Monday, May. 01, 1944

"Those Brass-Button Queens"

MARINES

The fighting ability of the U.S. Marines is never questioned. But sometimes soldiers and sailors are irked by the signs of conscious superiority inherent in every Marine. In Gismo (meaning "gadget"), a publication for all servicemen in the South Pacific, this pent-up irritation was let out in doggerel "believed to be by a sailor":

The Marines, the Marines, those blasted Gyrenes*

Those seagoing bellhops, those brass-button queens.

Oh! They pat their own backs, write stories in reams,

All in praise of themselves--the U.S. Marines!

The Marines, the Marines, those publicity fiends,

They built all the forests, turned on all the streams,

Discontent with the earth, they say Heaven's scenes

Are guarded by--you guess! Right! U.S. Marines!

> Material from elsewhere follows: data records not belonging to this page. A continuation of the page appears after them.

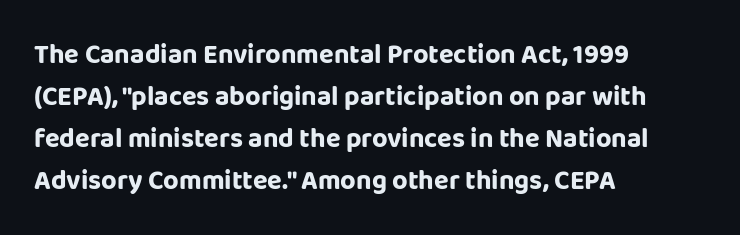
The image shows 27 px bold type, upright; set left-aligned, normal line spacing (1.56x), normal letter spacing, not underlined.
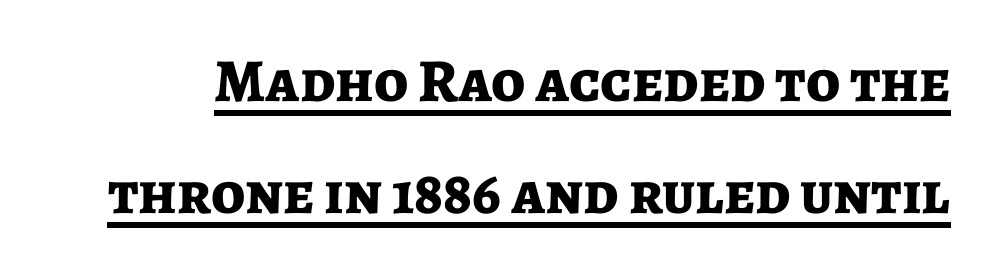
The image shows 61 px bold sans-serif type, upright; set line spacing 1.84x, normal letter spacing, underlined; low stroke contrast and a medium x-height.
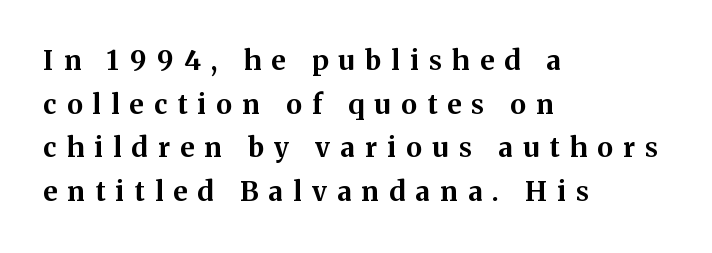
{"italic": "no", "bold": "yes", "underline": "no", "align": "left", "line_spacing": "normal", "line_spacing_ratio": 1.62, "letter_spacing": "wide", "letter_spacing_em": 0.38, "glyph_px": 27}
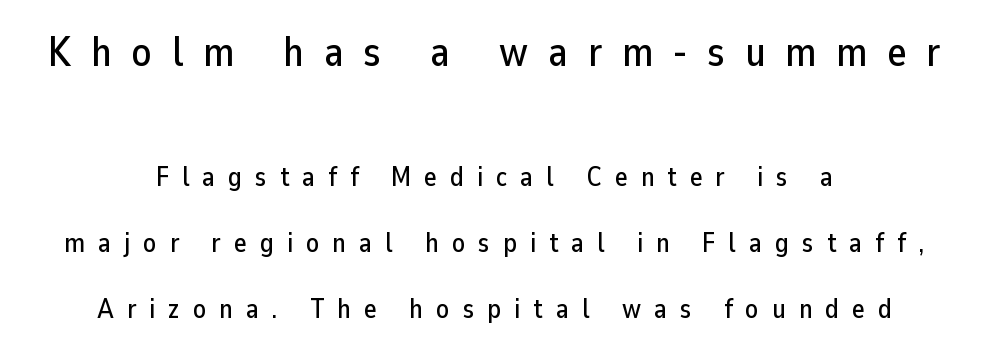
The image shows 41 px sans-serif type, upright; set centered, loose line spacing (2.46x), unusually wide letter spacing (+0.48 em), not underlined; the first (top) block is 1.52x larger; low stroke contrast and a medium x-height.
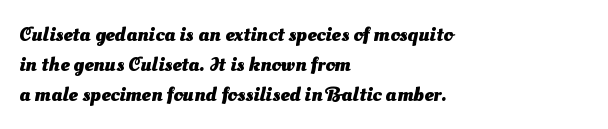
There is no visible air inserted between adjacent glyphs. The text block is weighted toward the left margin, trailing off unevenly rightward. Words float on clear page, feet unadorned. Vertical spacing — default. Students, this is bold: see how much ink each stroke carries.
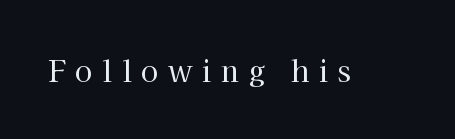
The image shows 29 px regular-weight serif type, upright; set unusually wide letter spacing (+0.32 em), not underlined; high stroke contrast and a medium x-height.
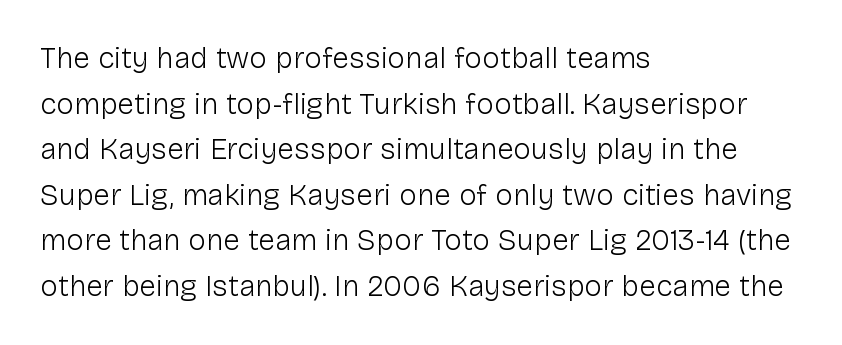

The moon never beams, except when the Marines

Give it permission to turn on its gleams.

And the tide never rises, the wind never screams--

Unless authorized by the U.S. Marines.

The Marines, the Marines, in their khakies and greens,

Their pretty blue panties, red stripes down their seams.

They thought all the thoughts, dreamed

in their dreams,

Singing, "The Song of Myself--the U.S. Marines.

* "Gyrene" is Marine's own word for Marine."